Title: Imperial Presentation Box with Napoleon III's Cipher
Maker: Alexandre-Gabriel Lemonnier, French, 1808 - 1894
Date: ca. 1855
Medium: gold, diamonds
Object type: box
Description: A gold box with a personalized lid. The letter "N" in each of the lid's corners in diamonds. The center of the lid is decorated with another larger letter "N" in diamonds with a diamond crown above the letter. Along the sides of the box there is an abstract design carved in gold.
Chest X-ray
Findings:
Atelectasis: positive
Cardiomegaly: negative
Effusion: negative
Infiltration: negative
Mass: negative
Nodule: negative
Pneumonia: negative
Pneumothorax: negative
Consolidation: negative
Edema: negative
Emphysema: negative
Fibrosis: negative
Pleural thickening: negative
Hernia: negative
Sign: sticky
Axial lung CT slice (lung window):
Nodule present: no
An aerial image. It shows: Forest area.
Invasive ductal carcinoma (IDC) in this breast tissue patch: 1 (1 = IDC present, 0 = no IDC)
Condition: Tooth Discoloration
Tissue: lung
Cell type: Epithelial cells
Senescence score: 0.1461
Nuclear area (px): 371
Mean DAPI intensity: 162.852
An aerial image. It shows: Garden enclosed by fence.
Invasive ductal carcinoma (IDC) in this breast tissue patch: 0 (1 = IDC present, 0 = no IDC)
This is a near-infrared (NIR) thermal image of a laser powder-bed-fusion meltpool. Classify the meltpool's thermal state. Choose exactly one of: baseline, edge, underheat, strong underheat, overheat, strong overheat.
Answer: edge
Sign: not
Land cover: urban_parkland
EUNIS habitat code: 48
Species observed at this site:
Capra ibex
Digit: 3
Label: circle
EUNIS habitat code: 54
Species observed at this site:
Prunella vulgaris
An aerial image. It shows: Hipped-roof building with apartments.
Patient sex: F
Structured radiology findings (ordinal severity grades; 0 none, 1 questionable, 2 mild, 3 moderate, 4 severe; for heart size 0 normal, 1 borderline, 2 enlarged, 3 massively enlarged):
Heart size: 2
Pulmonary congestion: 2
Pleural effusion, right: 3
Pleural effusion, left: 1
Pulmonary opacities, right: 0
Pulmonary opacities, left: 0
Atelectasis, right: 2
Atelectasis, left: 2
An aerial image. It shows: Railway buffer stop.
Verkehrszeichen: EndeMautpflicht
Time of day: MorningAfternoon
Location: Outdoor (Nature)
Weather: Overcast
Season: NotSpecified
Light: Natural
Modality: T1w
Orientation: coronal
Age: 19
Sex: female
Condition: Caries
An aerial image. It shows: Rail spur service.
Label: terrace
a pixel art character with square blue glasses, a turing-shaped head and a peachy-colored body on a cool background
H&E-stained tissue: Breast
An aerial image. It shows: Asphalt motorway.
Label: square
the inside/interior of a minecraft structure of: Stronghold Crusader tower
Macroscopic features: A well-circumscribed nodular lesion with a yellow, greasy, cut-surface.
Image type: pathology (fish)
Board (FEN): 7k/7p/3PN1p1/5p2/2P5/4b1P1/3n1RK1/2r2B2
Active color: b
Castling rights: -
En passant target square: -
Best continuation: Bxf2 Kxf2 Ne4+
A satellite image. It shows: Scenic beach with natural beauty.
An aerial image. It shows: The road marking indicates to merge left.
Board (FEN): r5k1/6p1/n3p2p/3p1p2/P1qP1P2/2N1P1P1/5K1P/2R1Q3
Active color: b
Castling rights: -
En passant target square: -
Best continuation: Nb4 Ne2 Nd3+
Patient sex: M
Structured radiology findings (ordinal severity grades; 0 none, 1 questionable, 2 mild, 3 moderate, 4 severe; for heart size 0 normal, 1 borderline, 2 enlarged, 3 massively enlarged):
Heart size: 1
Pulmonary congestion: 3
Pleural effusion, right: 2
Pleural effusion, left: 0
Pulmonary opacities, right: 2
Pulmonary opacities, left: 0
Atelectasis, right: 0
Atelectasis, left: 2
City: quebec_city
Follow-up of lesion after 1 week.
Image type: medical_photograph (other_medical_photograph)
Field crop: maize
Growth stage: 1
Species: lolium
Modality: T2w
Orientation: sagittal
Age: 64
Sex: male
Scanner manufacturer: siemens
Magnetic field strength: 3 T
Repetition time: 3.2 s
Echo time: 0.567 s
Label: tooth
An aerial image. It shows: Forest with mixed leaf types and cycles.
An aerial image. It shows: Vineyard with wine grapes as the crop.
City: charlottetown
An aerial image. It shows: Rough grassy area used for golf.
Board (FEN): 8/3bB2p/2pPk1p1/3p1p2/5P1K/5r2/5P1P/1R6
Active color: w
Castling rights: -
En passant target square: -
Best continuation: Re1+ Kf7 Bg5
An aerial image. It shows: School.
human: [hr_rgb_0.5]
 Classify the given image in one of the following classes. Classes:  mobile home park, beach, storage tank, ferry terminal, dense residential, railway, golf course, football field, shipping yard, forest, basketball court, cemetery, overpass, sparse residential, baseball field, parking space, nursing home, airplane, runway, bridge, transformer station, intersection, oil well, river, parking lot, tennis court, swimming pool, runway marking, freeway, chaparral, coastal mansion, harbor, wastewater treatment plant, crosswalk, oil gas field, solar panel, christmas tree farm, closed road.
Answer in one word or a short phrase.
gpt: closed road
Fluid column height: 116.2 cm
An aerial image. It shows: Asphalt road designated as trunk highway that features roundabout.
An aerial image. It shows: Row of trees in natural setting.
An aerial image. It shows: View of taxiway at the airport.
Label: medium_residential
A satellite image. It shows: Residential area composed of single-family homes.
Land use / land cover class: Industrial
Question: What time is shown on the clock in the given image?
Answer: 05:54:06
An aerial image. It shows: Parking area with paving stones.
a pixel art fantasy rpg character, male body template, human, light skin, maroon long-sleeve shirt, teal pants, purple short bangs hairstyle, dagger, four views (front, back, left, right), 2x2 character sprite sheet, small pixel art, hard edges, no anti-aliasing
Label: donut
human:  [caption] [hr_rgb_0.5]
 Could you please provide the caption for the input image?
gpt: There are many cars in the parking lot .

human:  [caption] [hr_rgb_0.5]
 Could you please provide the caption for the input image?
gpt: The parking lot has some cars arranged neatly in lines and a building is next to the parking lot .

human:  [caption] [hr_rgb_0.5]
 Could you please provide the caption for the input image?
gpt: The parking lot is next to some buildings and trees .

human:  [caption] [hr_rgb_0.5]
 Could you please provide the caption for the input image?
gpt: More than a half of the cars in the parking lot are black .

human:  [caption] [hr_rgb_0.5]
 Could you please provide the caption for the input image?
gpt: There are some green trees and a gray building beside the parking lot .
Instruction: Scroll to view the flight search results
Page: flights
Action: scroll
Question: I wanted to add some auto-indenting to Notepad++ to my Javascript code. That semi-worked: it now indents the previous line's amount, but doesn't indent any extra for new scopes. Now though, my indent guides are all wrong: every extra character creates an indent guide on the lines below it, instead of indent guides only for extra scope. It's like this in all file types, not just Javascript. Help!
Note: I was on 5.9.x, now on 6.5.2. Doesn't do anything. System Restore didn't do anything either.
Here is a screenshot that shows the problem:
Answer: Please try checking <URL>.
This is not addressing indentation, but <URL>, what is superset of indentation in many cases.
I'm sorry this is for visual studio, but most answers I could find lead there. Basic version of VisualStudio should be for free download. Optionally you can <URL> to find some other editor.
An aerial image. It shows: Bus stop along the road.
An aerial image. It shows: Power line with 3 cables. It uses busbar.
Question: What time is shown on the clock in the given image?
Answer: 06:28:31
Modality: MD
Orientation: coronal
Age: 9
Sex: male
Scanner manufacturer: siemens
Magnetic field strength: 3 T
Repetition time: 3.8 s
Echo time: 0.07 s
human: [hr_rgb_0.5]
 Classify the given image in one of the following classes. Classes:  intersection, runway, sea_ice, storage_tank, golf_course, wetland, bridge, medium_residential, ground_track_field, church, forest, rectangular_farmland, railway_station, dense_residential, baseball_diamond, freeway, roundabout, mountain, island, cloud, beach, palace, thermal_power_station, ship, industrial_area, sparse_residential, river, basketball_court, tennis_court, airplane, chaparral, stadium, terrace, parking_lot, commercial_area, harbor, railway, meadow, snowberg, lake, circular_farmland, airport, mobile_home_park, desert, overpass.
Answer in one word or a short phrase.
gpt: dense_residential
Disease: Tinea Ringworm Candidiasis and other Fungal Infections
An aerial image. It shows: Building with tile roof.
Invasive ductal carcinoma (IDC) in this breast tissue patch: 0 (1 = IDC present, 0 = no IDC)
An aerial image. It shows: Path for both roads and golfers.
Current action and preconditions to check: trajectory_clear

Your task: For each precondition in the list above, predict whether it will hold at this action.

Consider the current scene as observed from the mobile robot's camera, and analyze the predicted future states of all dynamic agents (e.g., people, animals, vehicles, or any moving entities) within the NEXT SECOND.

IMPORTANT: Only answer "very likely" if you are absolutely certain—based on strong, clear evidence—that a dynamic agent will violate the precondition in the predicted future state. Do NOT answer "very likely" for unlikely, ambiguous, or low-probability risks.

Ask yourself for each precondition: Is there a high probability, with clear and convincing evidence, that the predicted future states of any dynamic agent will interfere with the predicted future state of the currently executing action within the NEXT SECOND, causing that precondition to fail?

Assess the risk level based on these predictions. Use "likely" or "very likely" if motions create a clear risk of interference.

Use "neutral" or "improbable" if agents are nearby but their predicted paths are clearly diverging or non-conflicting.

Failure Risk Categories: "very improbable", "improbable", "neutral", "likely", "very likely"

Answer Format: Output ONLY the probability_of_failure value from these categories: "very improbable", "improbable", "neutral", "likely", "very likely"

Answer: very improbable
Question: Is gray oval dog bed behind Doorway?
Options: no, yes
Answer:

- **The problem**
State how many lines in the records above contain the word "stop". Write the number alone.

- **Finished task**
2